Input for this task »
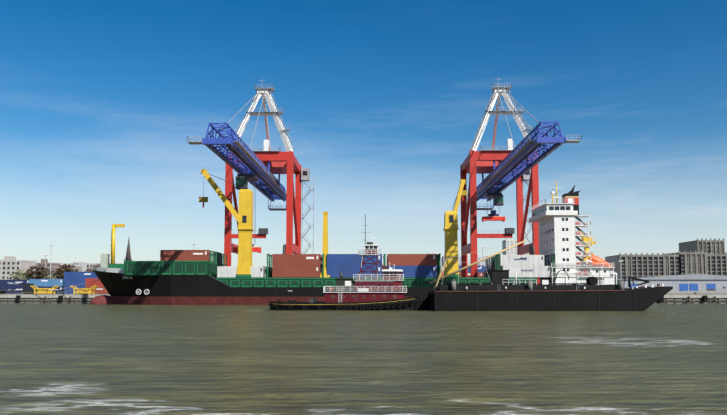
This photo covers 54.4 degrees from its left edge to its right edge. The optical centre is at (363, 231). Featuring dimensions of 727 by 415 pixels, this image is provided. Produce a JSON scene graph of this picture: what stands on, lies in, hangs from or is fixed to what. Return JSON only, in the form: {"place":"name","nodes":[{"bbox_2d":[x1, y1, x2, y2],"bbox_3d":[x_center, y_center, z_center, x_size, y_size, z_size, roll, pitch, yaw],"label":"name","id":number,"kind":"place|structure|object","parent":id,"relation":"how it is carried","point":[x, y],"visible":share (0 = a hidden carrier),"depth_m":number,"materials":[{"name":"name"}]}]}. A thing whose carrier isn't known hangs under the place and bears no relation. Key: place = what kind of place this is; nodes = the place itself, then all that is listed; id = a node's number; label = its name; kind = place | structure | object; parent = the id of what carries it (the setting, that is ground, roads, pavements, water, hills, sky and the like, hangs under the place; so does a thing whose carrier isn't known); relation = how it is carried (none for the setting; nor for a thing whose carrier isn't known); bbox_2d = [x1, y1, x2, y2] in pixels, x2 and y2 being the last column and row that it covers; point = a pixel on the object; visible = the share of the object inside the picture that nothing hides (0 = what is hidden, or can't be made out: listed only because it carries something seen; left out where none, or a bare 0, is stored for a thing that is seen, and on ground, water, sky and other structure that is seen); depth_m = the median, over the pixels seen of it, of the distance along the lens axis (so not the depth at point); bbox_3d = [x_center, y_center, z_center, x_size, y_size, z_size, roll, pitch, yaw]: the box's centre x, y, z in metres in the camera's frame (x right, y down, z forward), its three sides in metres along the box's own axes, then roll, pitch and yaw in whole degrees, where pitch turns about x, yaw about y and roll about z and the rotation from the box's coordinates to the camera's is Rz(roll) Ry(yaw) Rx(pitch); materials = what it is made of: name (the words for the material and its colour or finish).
{"place":"outdoors","nodes":[
{"label":"outdoors","id":0,"kind":"place"},
{"bbox_2d":[0,243,622,293],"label":"yard","id":1,"kind":"structure","parent":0,"point":[44,285],"depth_m":249.76,"materials":[{"name":"multicoloured metal"}]},
{"bbox_2d":[0,303,726,414],"bbox_3d":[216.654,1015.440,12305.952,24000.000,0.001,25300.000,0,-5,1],"label":"water","id":2,"kind":"structure","parent":0,"point":[122,359],"depth_m":36.69,"materials":[{"name":"liquid"}]},
{"bbox_2d":[22,169,617,304],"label":"ship","id":3,"kind":"object","parent":2,"relation":"on","point":[189,277],"visible":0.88,"depth_m":175.56,"materials":[{"name":"metal"}]},
{"bbox_2d":[269,214,430,309],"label":"tug","id":4,"kind":"object","parent":2,"relation":"on","point":[386,293],"visible":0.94,"depth_m":130.72,"materials":[{"name":"red metal"}]},
{"bbox_2d":[428,240,672,310],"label":"barge","id":5,"kind":"object","parent":2,"relation":"on","point":[499,292],"visible":1,"depth_m":124.72,"materials":[{"name":"metal"}]},
{"bbox_2d":[0,238,726,292],"bbox_3d":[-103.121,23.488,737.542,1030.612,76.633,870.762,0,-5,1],"label":"city buildings","id":6,"kind":"structure","parent":0,"point":[697,266],"depth_m":595.14,"materials":[{"name":"grey concrete"}]},
{"bbox_2d":[0,292,726,303],"bbox_3d":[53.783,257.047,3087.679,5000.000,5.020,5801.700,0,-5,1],"label":"quay","id":7,"kind":"structure","parent":0,"point":[689,298],"depth_m":199.27,"materials":[{"name":"grey concrete"}]},
{"bbox_2d":[9,263,94,279],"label":"trees","id":8,"kind":"object","parent":7,"relation":"on","point":[43,273],"visible":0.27,"depth_m":461.25,"materials":[{"name":"green plant"}]},
{"bbox_2d":[187,80,313,265],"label":"crane","id":9,"kind":"object","parent":7,"relation":"on","point":[244,161],"visible":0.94,"depth_m":204.55,"materials":[{"name":"red metal"}]},
{"bbox_2d":[460,84,581,282],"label":"crane","id":10,"kind":"object","parent":7,"relation":"on","point":[519,165],"visible":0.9,"depth_m":203.76,"materials":[{"name":"red metal"}]},
{"bbox_2d":[0,0,726,266],"label":"sky","id":11,"kind":"structure","parent":0,"point":[383,102],"materials":[{"name":"blue"}]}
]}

Problem description » Give the material again exactly as it is, but keep the pictures out.

Task response »
This photo covers 54.4 degrees from its left edge to its right edge. The optical centre is at (363, 231). Featuring dimensions of 727 by 415 pixels, this image is provided. Produce a JSON scene graph of this picture: what stands on, lies in, hangs from or is fixed to what. Return JSON only, in the form: {"place":"name","nodes":[{"bbox_2d":[x1, y1, x2, y2],"bbox_3d":[x_center, y_center, z_center, x_size, y_size, z_size, roll, pitch, yaw],"label":"name","id":number,"kind":"place|structure|object","parent":id,"relation":"how it is carried","point":[x, y],"visible":share (0 = a hidden carrier),"depth_m":number,"materials":[{"name":"name"}]}]}. A thing whose carrier isn't known hangs under the place and bears no relation. Key: place = what kind of place this is; nodes = the place itself, then all that is listed; id = a node's number; label = its name; kind = place | structure | object; parent = the id of what carries it (the setting, that is ground, roads, pavements, water, hills, sky and the like, hangs under the place; so does a thing whose carrier isn't known); relation = how it is carried (none for the setting; nor for a thing whose carrier isn't known); bbox_2d = [x1, y1, x2, y2] in pixels, x2 and y2 being the last column and row that it covers; point = a pixel on the object; visible = the share of the object inside the picture that nothing hides (0 = what is hidden, or can't be made out: listed only because it carries something seen; left out where none, or a bare 0, is stored for a thing that is seen, and on ground, water, sky and other structure that is seen); depth_m = the median, over the pixels seen of it, of the distance along the lens axis (so not the depth at point); bbox_3d = [x_center, y_center, z_center, x_size, y_size, z_size, roll, pitch, yaw]: the box's centre x, y, z in metres in the camera's frame (x right, y down, z forward), its three sides in metres along the box's own axes, then roll, pitch and yaw in whole degrees, where pitch turns about x, yaw about y and roll about z and the rotation from the box's coordinates to the camera's is Rz(roll) Ry(yaw) Rx(pitch); materials = what it is made of: name (the words for the material and its colour or finish).
{"place":"outdoors","nodes":[
{"label":"outdoors","id":0,"kind":"place"},
{"bbox_2d":[0,243,622,293],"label":"yard","id":1,"kind":"structure","parent":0,"point":[44,285],"depth_m":249.76,"materials":[{"name":"multicoloured metal"}]},
{"bbox_2d":[0,303,726,414],"bbox_3d":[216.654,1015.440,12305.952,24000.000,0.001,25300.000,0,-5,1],"label":"water","id":2,"kind":"structure","parent":0,"point":[122,359],"depth_m":36.69,"materials":[{"name":"liquid"}]},
{"bbox_2d":[22,169,617,304],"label":"ship","id":3,"kind":"object","parent":2,"relation":"on","point":[189,277],"visible":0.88,"depth_m":175.56,"materials":[{"name":"metal"}]},
{"bbox_2d":[269,214,430,309],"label":"tug","id":4,"kind":"object","parent":2,"relation":"on","point":[386,293],"visible":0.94,"depth_m":130.72,"materials":[{"name":"red metal"}]},
{"bbox_2d":[428,240,672,310],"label":"barge","id":5,"kind":"object","parent":2,"relation":"on","point":[499,292],"visible":1,"depth_m":124.72,"materials":[{"name":"metal"}]},
{"bbox_2d":[0,238,726,292],"bbox_3d":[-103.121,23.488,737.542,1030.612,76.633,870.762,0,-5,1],"label":"city buildings","id":6,"kind":"structure","parent":0,"point":[697,266],"depth_m":595.14,"materials":[{"name":"grey concrete"}]},
{"bbox_2d":[0,292,726,303],"bbox_3d":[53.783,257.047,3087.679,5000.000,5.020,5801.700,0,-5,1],"label":"quay","id":7,"kind":"structure","parent":0,"point":[689,298],"depth_m":199.27,"materials":[{"name":"grey concrete"}]},
{"bbox_2d":[9,263,94,279],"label":"trees","id":8,"kind":"object","parent":7,"relation":"on","point":[43,273],"visible":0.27,"depth_m":461.25,"materials":[{"name":"green plant"}]},
{"bbox_2d":[187,80,313,265],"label":"crane","id":9,"kind":"object","parent":7,"relation":"on","point":[244,161],"visible":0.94,"depth_m":204.55,"materials":[{"name":"red metal"}]},
{"bbox_2d":[460,84,581,282],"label":"crane","id":10,"kind":"object","parent":7,"relation":"on","point":[519,165],"visible":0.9,"depth_m":203.76,"materials":[{"name":"red metal"}]},
{"bbox_2d":[0,0,726,266],"label":"sky","id":11,"kind":"structure","parent":0,"point":[383,102],"materials":[{"name":"blue"}]}
]}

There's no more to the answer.